The writer is spot-on, Asad's one of few that makes sense, but with Raja Rental around, the last thing the government is worried about is its place in the world, more like pvt helipads at taxpayers expense.
"The Russians are coming, this time with benign intentions." Its so naive on the part of the author to think they are here to dole us dollars, to pamper us with investments, to hand wrap us goodies. Strategically, Russia is very closely aligned with India and Economically it is part of BRIC where focus is to become economic superpowers like China and India. It is here to make profit and but main purpose is to make sure its own backyard, the Central Asian Countries are not polluted by Pak and its non state actors post 2014. Russians surely have not forgotten thousands killed by Pak few years back. Our urge to punch above our limits will once again put us in trouble.
From Russia with love
"Ten years later, the last Soviet tank limped out of Afghanistan, the empire fell in on itself and the US came out in celebration of the jihadist victory" Once again, why did the Soviet Union collapse? Hint: it was their economy and not the mujahideen.

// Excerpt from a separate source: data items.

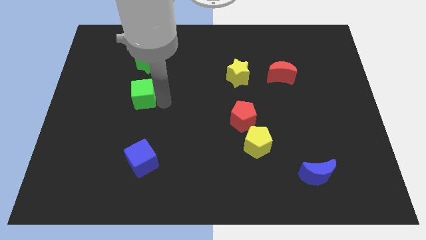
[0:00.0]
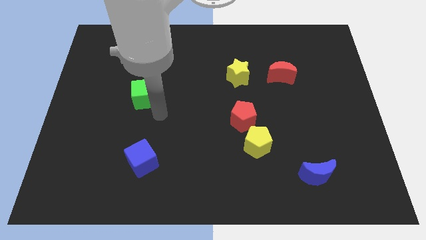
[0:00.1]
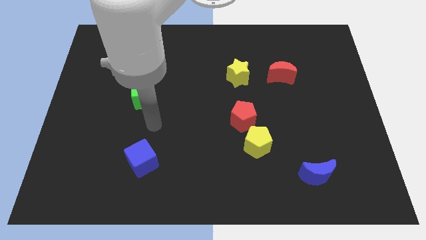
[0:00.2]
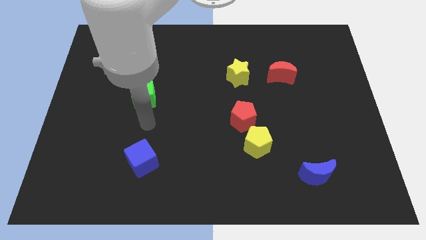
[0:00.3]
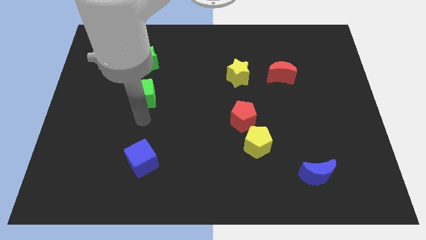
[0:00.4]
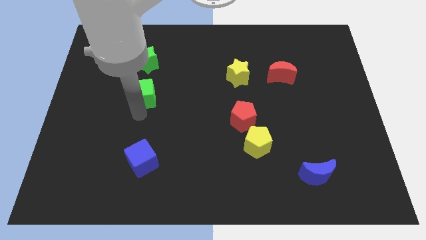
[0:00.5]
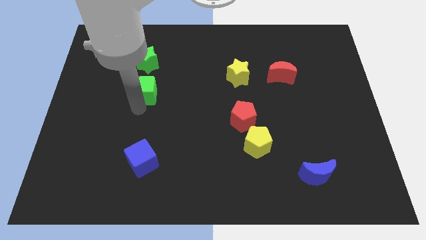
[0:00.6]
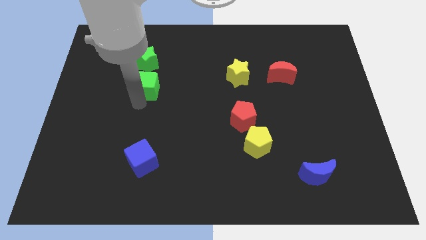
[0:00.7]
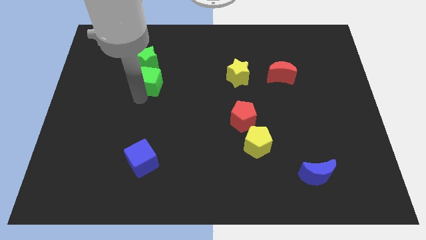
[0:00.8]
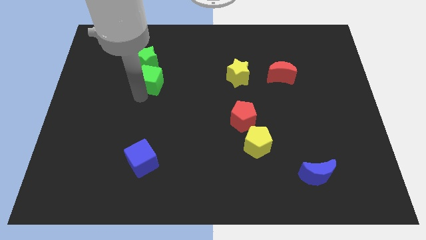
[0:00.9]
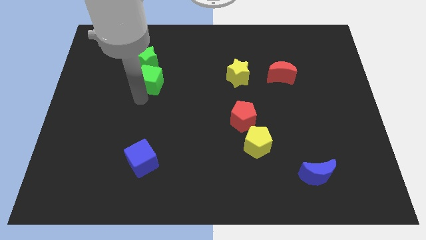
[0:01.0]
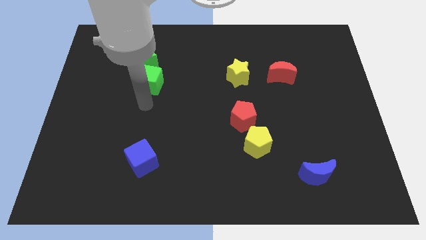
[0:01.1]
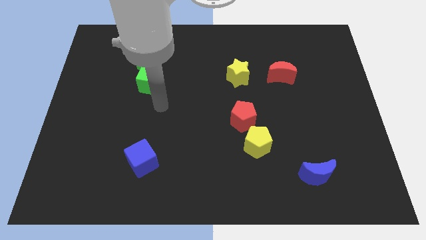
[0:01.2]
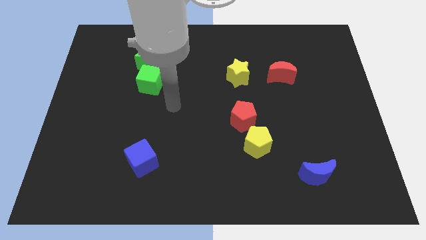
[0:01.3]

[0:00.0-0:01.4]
move green cube into the green star

"The Russians are coming, this time with benign intentions". Don't tell me that the Russians are going to share the Brahmos and Sukhoi/HAL Fifth Generation Fighter Aircraft (FGFA) technologies with Pakistan next.
Russia under Putin is pursuing a confrontationalist policy vs the West, and will not toe the line on states with which it has long had warmer relations than the US - these include Syria and Iran, where Western desires for proactive intervention are tempered by Russian/ Chinese realpolitik. However, on Afghanistan all the world powers see eye-to-eye - none of them recognized the Taliban regime during the 1996-2001 period, and Russia wishes to protect its flanks from Islamic extremism that could see a resurgence in the region if Afghanistan falls back into civil war. Good relations is always desirable, but Russia will neither provide military or financial aid to Pakistan nor shield it from potential comeuppance for any adventurism in Afghanistan or India - and if these are the expectations on which this new relationship is being founded, they are likely to be revised rather soon.
Instead of solid internal reforms, you are again talking of finding a foreign patron. No foreign alliance can magically take us out of the mess. Foreign relations are a reflection of internal strength. After US withdrawal, a civil war will start; and Russia will support Northern Alliance against Taliban. Without getting rid of 30 year old jihadi policy, nothing can change.